[X-Unix] 10.5 cli -what's up with 'more'?

David Ledger dledger at ivdcs.demon.co.uk
Sat Dec 1 10:25:26 PST 2007


At 22:37 +0000 30/11/07, Stroller wrote:
>On 30 Nov 2007, at 06:32, David Ledger wrote:
>>  That's the way some of the Linux distributions are going - at 
>>least, the HP RedHat one is. It's the thing I most dislike about 
>>Linux. Lots of people making trivial changes to make it the way 
>>*they* think it should be. Under HP RedHat, 'ls' sorts the '.' 
>>files amongst the others. Why?
>Are you sure this isn't configured in the distro's default 
>.bash_profile or .bashrc? (or /etc/profile?)

Does the same when using /bin/ls, so it's not an inherited alias or 
function.
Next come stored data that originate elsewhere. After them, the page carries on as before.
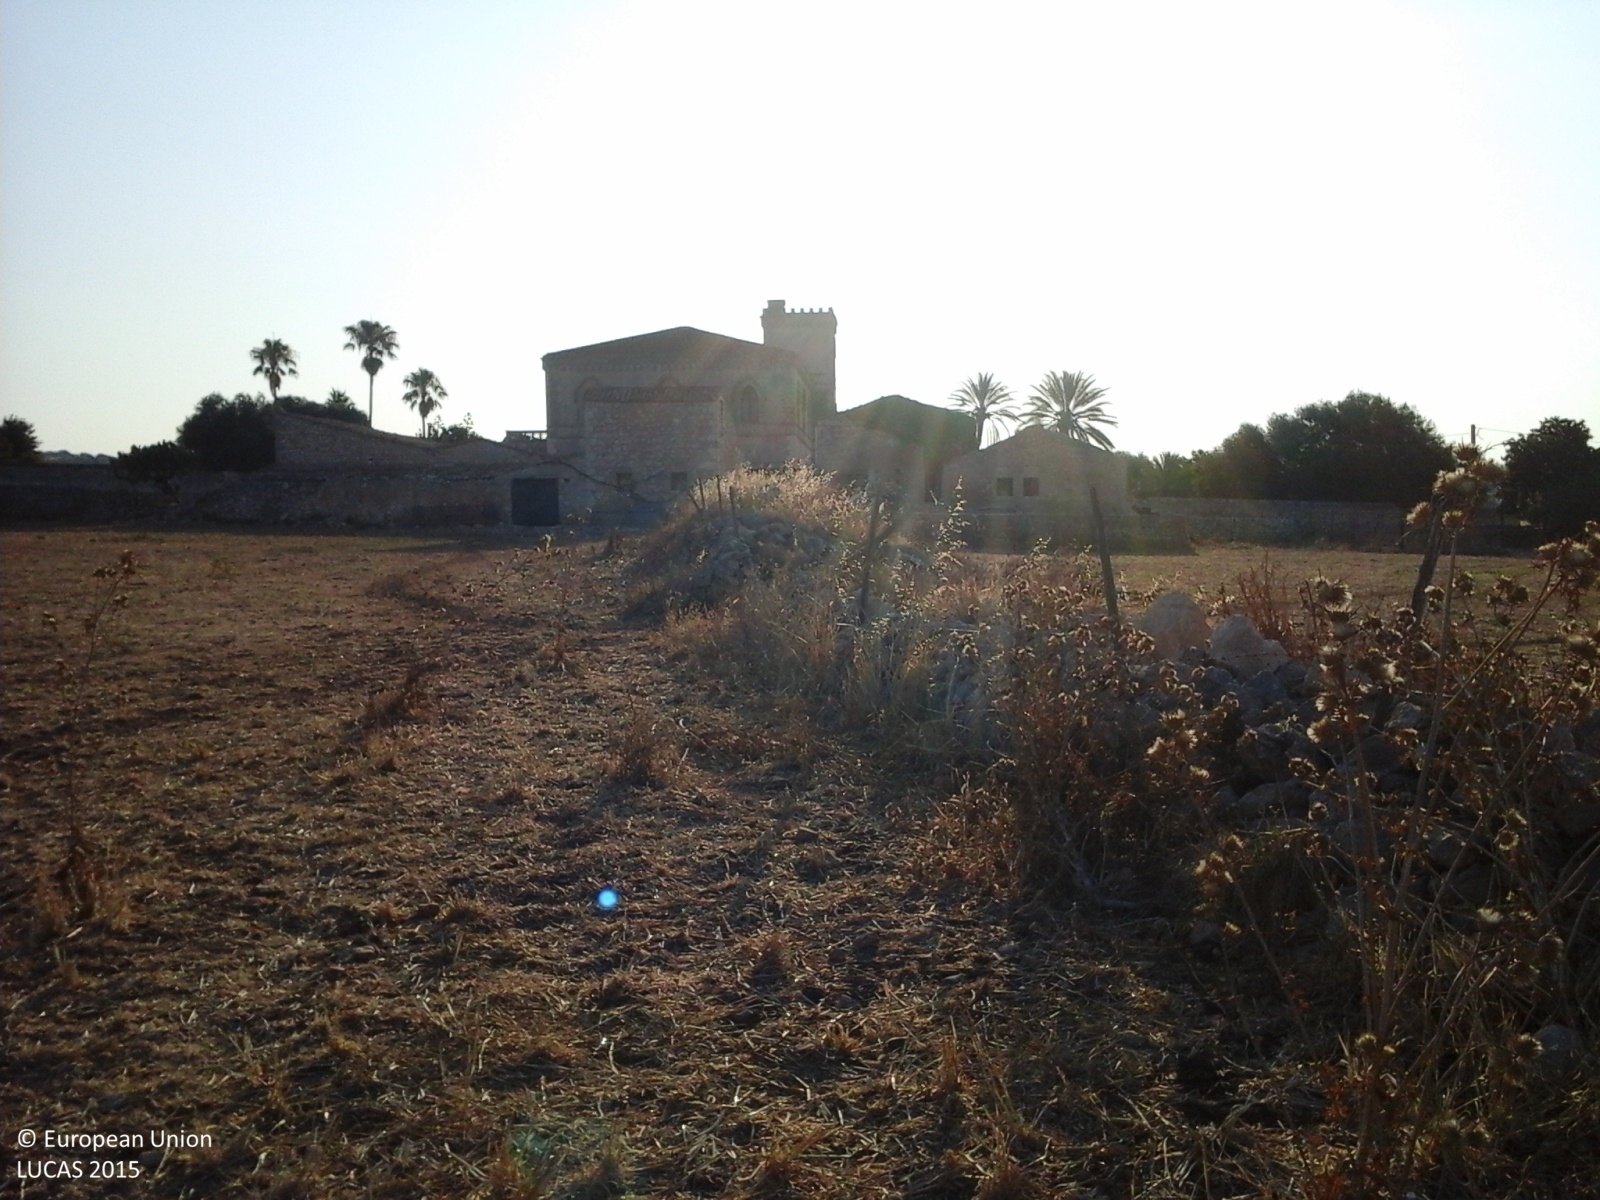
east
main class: Cropland
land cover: Mixed cereals for fodder
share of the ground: > 75 %
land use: Agriculture (excluding fallow land and kitchen gardens)
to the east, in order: Mixed cereals for fodder; Grass margins; Dry stone walls; Grass margins; Mixed cereals for fodder; Grass margins; Artificial constructions in urban areas; Grass margins; Durum wheat; Other fruit trees and berries; Durum wheat; Grass margins; Dry stone walls; Grass margins; Durum wheat
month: July
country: IT
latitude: 36.8747
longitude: 14.5518

I work under ksh with my own aliases pointing back at 
/bin/ls anyway.

>The GNU versions of the "standard utilities" are different from 
>those in Posix, System V or the BSDs, but I personally think these 
>changes are often (much needed) improvements upon the originals and 
>are generally for the best. IMO Bash & the GNU utilis are what a 
>modern Unix shouldbe aiming for - it's certainly my expectation in 
>terms of ease-of-use.

I've yet to find a change that I would class as a much needed 
improvement other than 'tar's new unwillingness to archive from '/'. 
I've no problem with them making the changes they do, as long as they 
require a flag, environment variable or '.' file to trigger them. 
Just making arbitrary changes break what would be cross platform 
scripts.

When I used to do 'ssh <host> <command>' I now have to do
	case "$(ssh <host> uname)" in
	Linux)	ssh <host> <Linux version of command> ;;
	*)	ssh <host> <command> ;;
	esac
or I would if I didn't have a local cache of what each host runs to 
query instead.

As for ease of use, I don't know what is easier about Linux. One of 
the original command line objectives of Unix, never use two 
keystrokes where one would do, is lost in Linux with its 
--givetheoptionalongnamesopeopleknowwhatitsdoes flags that you can't 
remember.

>I'd be surprised if Dead Rat - or any other modern distro - is using 
>any other version of `ls` than the GNU one. I think that - with a 
>bit of hunting around - it should be possible to pin down how `ls` 
>is being called and get it to behave the way you expect.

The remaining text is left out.